[Items from a dataset]

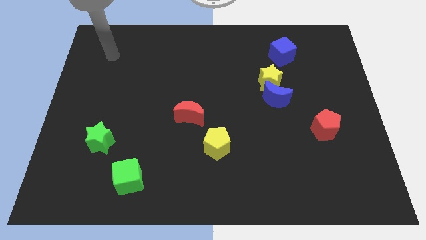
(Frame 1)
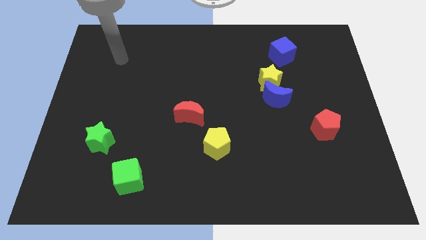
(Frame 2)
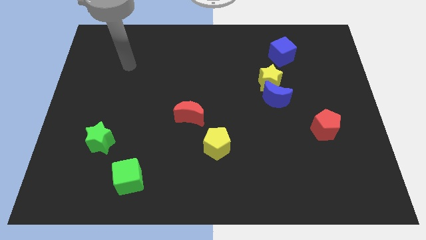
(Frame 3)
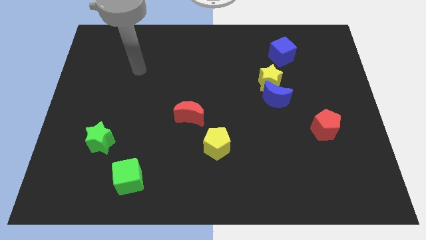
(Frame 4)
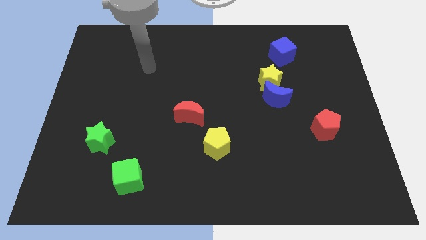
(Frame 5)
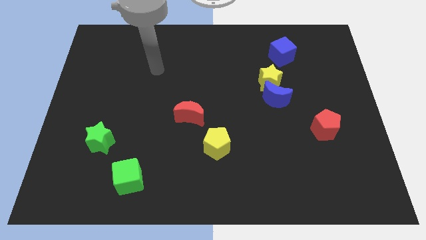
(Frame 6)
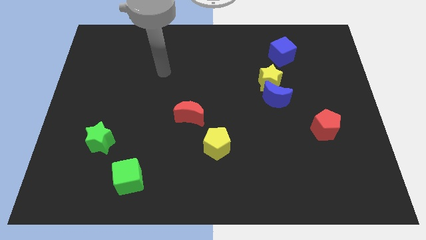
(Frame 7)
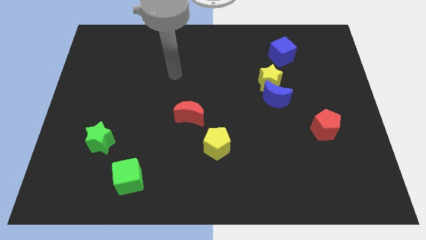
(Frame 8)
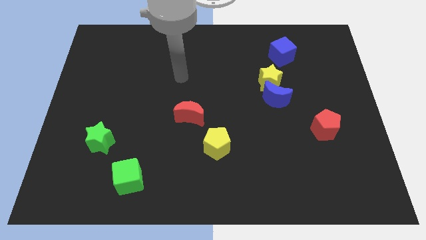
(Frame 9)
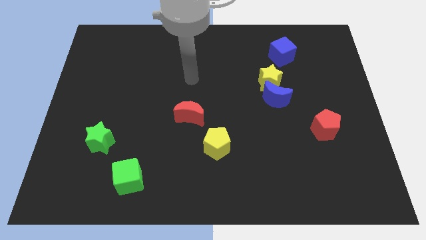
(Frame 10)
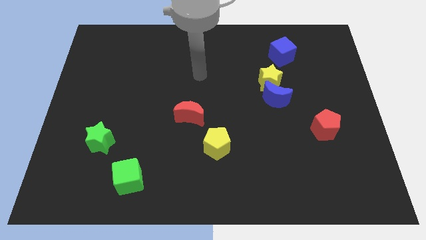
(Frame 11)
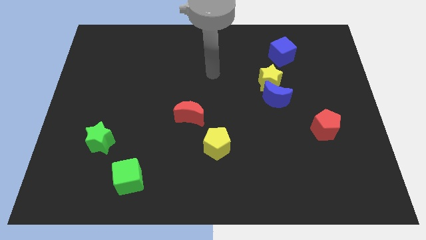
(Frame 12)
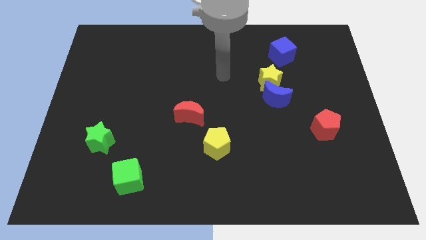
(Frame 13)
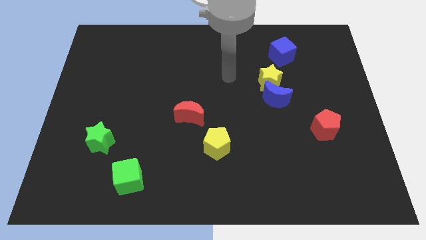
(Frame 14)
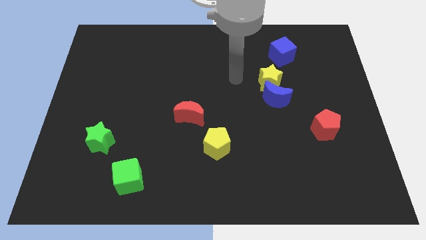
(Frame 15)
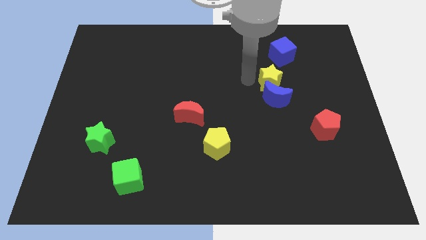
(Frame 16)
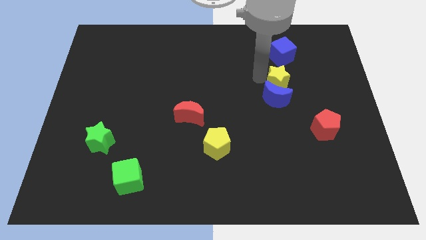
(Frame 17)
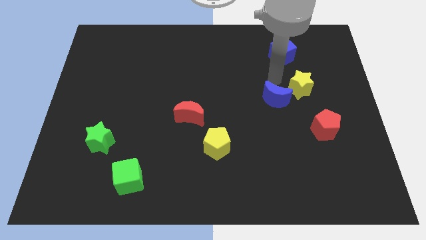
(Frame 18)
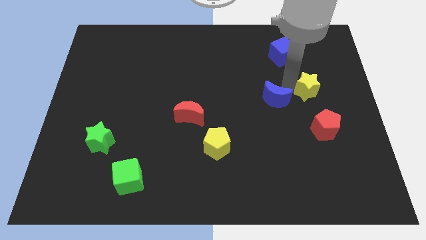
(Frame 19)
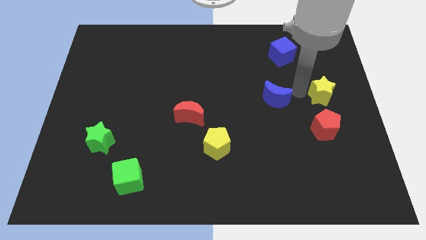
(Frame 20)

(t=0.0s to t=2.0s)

Work instruction » Keeping every word as it is, write out all the data and omit the pictures.

Exercise solution »
(Frame 1)
(Frame 2)
(Frame 3)
(Frame 4)
(Frame 5)
(Frame 6)
(Frame 7)
(Frame 8)
(Frame 9)
(Frame 10)
(Frame 11)
(Frame 12)
(Frame 13)
(Frame 14)
(Frame 15)
(Frame 16)
(Frame 17)
(Frame 18)
(Frame 19)
(Frame 20)

(t=0.0s to t=2.0s)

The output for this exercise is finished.